Abstract
Trichoderma strains were extensively studied as biocontrol agents due to their ability of producing hydrolytic enzymes, which are considered key enzymes because they attack the insect exoskeleton allowing the fungi infection. The present work aimed to evaluate the ability of chitosanase production by four Trichoderma strains (T. harzianum, T. koningii, T. viride and T. polysporum) under solid stated fermentation and to evaluate the effect of pH and temperature on enzyme activity. pH strongly affected the enzyme activity from all tested strains. Chitosanase from T. harzianum and T. viride presented optimum activity at pH 5.0 and chitosanase from T. koningii and T. polysporum presented optimum activity at pH 5.5. Temperature in the range of 40–50°C did not affect enzyme activity. T. polysporum was found as the most promising strain to produce chitosanase with maximal enzyme activity of about 1.4 IU/gds, followed by T. viride (~1.2 IU/gds) and T. harzianum (1.06 IU/gds).

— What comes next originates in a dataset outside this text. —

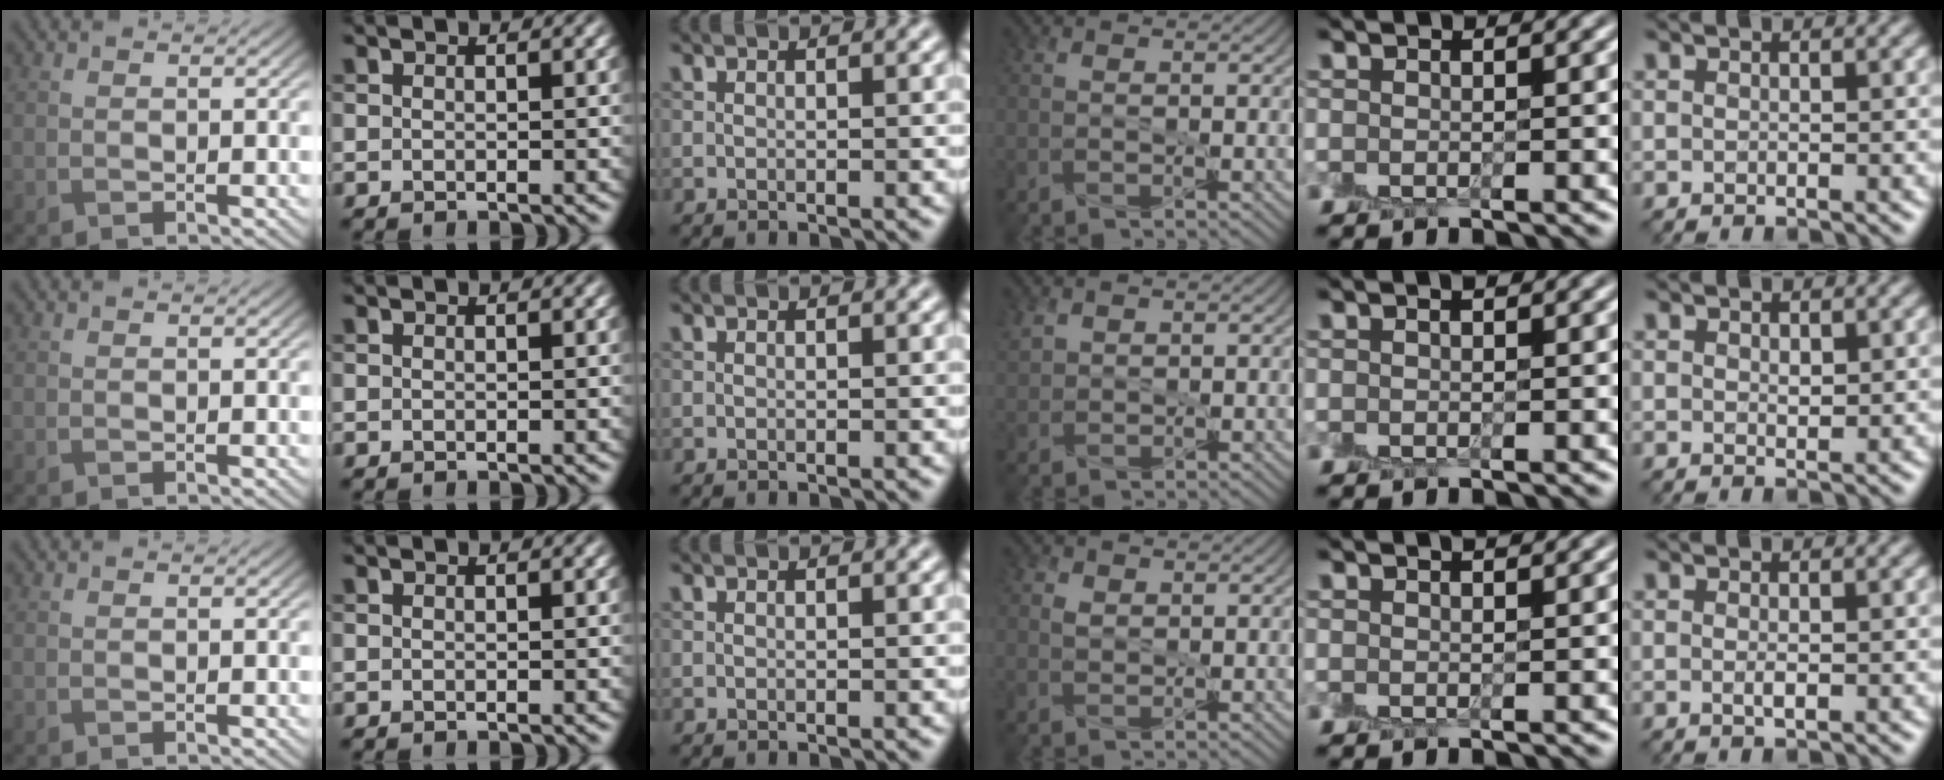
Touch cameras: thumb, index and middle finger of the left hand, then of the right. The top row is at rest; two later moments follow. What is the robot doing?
{"motion": "peel", "object": "sticky note"}

Keywords: Trichoderma spp., Chitosanase, Enzyme activity parameters optimization, Response surface methodology
Introduction
Chitin is the second-most abundant polysaccharide with an annual production of 1010–1011 tons, which is only next to that of cellulose. Chitin and chitosan are commercially obtained from shrimp and crab shells from the fishing industry. Chitosan, a d-glucosamine polymer, is a totally or partially deacetylated derivative of chitin. It is usually obtained by the artificial deacetylation of chitin in the presence of alkali [1]. Recent studies on chitin and chitosan have attracted interest for their conversion to oligosaccharides, because these oligosaccharides are not only water-soluble, but also possess versatile functional properties such as antitumor and antimicrobial activities [2, 3].
Chitosanases (E.C. 3.2.1.132) hydrolyze β-1,4-glycosidic linkage of chitosan, a polysaccharide consisting mainly of d-glucosamine with a variable content of N-acetyl-d-glucosamine. Chitooligosaccharides can induce the expression of pathogenesis-related proteins in higher plants. They can even act as immuno-potentiating effectors [4]. The oligosaccharides of chitin/chitosan, prepared by hydrolyzing chitin/chitosan with chitinase/chitosanase, have various potential applications in food, agricultural, and pharmaceutical industry [2].
Trichoderma spp. are among the most frequently isolated soil fungi and present in plant root ecosystems [5]. These fungi are opportunistic, avirulent plant symbionts, and function as parasites and antagonists of many phytopathogenic fungi, protecting plants from disease. So far, Trichoderma spp. is among the most studied BCAs fungal and it is commercially marketed as biopesticides and biofertilizers [6–8]. Its entomopathogenicity is close related to its ability of synthesize hydrolytic enzymes. Despite several studies on Trichoderma chitinase production has been published [5, 9–12], the most studied strains are T. harzianum and T. viride, and to date, in the published studies, no reports on the production of chitosanase by Trichoderma spp. were found.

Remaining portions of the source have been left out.